Part 8
Query
Processing and Optimization, and Database
Tuning
Chapter 19
Algorithms
for Query Processing and Optimization
In this chapter we discuss the techniques used internally by a DBMS to process, optimize, and execute high-level queries. A query expressed in a high-level query language such as SQL must first be scanned, parsed, and validated. The scanner identifies the query tokens—such as SQL keywords, attribute names, and relation names—that appear in the text of the query, whereas the parser checks the query syntax to determine whether it is formulated according to the syntax rules (rules of grammar) of the query language. The query must also be validated by checking that all attribute and relation names are valid and semantically meaningful names in the schema of the particular database being queried. An internal representation of the query is then created, usually as a tree data structure called a query tree. It is also possible to rep-resent the query using a graph data structure called a query graph. The DBMS must then devise an execution strategy or query plan for retrieving the results of the query from the database files. A query typically has many possible execution strategies, and the process of choosing a suitable one for processing a query is known as query optimization.

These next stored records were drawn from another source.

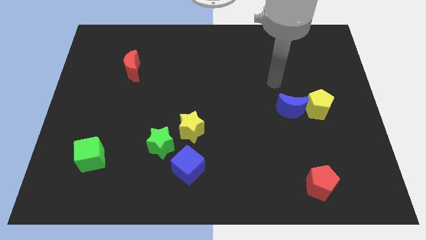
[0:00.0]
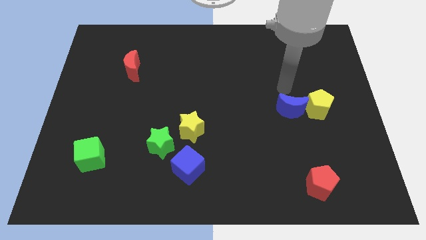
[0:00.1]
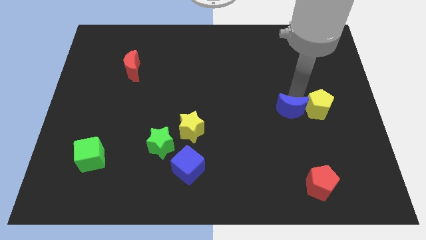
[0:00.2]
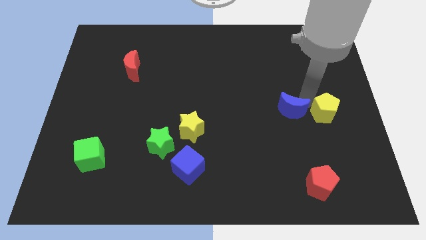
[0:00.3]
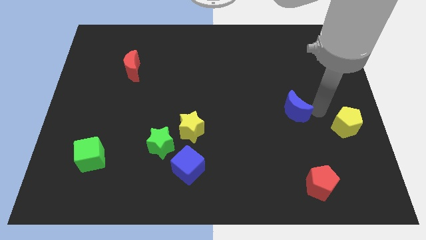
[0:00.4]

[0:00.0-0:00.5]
move the blue moon away from the yellow pentagon

Figure 19.1 shows the different steps of
processing a high-level query. The query
optimizer module has the task of
producing a good execution plan, and the
code generator generates the code to execute that plan. The runtime database processor has the
task of running (executing) the query code, whether in compiled or interpreted
mode, to produce the query result. If a runtime error results, an error
mes-sage is generated by the runtime database processor.
The term optimization
is actually a misnomer because in some cases the chosen execution plan is not
the optimal (or absolute best) strategy—it is just a reasonably efficient strategy for executing the query. Finding the
optimal strategy is usually too time-consuming—except
for the simplest of queries. In addition, trying to find the optimal query
execution strategy may require detailed information on how the files are
implemented and even on the contents of the files—information that may not be
fully available in the DBMS catalog. Hence, planning
of a good execution strategy may be a more accurate description than query optimization.
For lower-level navigational database languages
in legacy systems—such as the net-work DML or the hierarchical DL/1 (see
Section 2.6)—the programmer must choose the query execution strategy while
writing a database program. If a DBMS provides only a navigational language,
there is limited need or opportunity
for extensive query optimization by the DBMS; instead, the programmer is given
the capability to choose the query execution strategy. On the other hand, a
high-level query language—such as SQL for relational DBMSs (RDBMSs) or OQL (see
Chapter 11) for object DBMSs (ODBMSs)—is more declarative in nature because it
specifies what the intended results of the query are, rather than identifying
the details of how the result should
be obtained. Query optimization is thus necessary for queries that are
specified in a high-level query language.
We will concentrate on describing query
optimization in the context of an RDBMS
because many of the techniques we describe have also been adapted for other
types of database management systems, such as ODBMSs. A relational DBMS must
systematically evaluate alternative query execution strategies and choose a
reasonably efficient or near-optimal strategy. Each DBMS typically has a number
of general database access algorithms that implement relational algebra
operations such as SELECT or JOIN (see Chapter 6) or combinations of these
operations. Only execution strategies that can be implemented by the DBMS
access algorithms and that apply to the particular query, as well as to the particular physical database design, can
be considered by the query optimization module.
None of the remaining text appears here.